Title¶
Exercise 1 - Exploration, Wrangling, and Defining a Question
Description¶
Breakout #1 Tasks (15-20min):
- Someone share (the person who resides closest to the Bahamas…thanks Columbus). Someone different will share in the next breakout.
- Explore the data (some of that is done with you with code). Please do a little more exploration.

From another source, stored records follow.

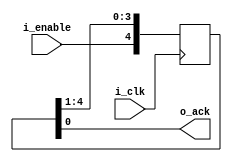
/*
 * Copyright (c) 2021, Marcos Medeiros
 * Licensed under BSD 3-clause.
 */
module pipeline_ctrl(
  input   i_clk,
  input   i_enable,
  output  o_ack
);
  parameter WIDTH = 4;
  reg [0:WIDTH] valid = 0;

  assign o_ack = valid[WIDTH];

  integer i;
  initial begin
    valid = 0;
  end
  
  always @(posedge i_clk)
  begin
    valid[0] <= i_enable;

    for (i = 1; i <= WIDTH; i = i+1)
      valid[i] <= valid[i - 1];
  
  end

endmodule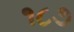
૧૮૭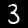
Label: 3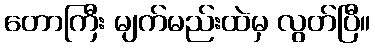
တောကြီး မျက်မည်းထဲမှ လွတ်ပြီ။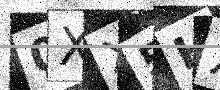
Text: 0XX5HX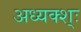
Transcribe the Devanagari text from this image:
अध्यक्श्ः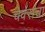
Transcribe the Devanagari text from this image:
चेक्सचा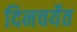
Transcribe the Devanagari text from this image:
दिनचर्येत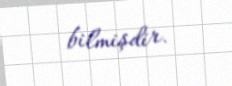
bilmişdir.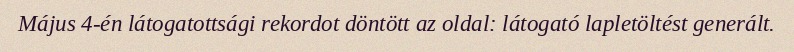
Május 4-én látogatottsági rekordot döntött az oldal: látogató lapletöltést generált.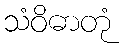
သံဝိဓာတုံ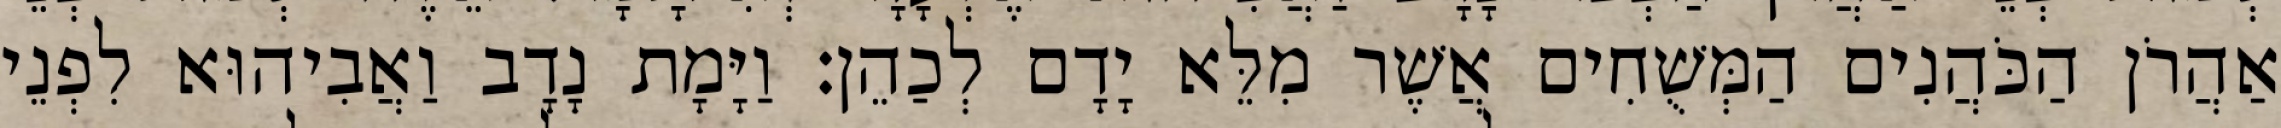
אַהֲרֹן הַכֹּהֲנִים הַמְּשֻׁחִים אֲשֶׁר מִלֵּא יָדָם לְכַהֵן׃ וַיָּמָת נָדָב וַאֲבִיהוּא לִפְנֵי

- Come up with an interesting question or two you can answer with this data set. Come up with a question or two that can be answered with supplemental data:
- start with ideal, and then get more practical based on what is likely available.
In [ ]:
import pandas as pd
import sys
import numpy as np
import sklearn as sk
import scipy as sp
import matplotlib.pyplot as plt
import seaborn as sns
import datetime
%matplotlib inline
from sklearn.linear_model import LinearRegression
from sklearn.linear_model import LogisticRegression
from sklearn.neighbors import KNeighborsClassifier
from sklearn.neighbors import KNeighborsRegressor
import sklearn.metrics as met
from sklearn.preprocessing import PolynomialFeatures
In [ ]:
movies = pd.read_csv('tmdb_5000_movies.csv')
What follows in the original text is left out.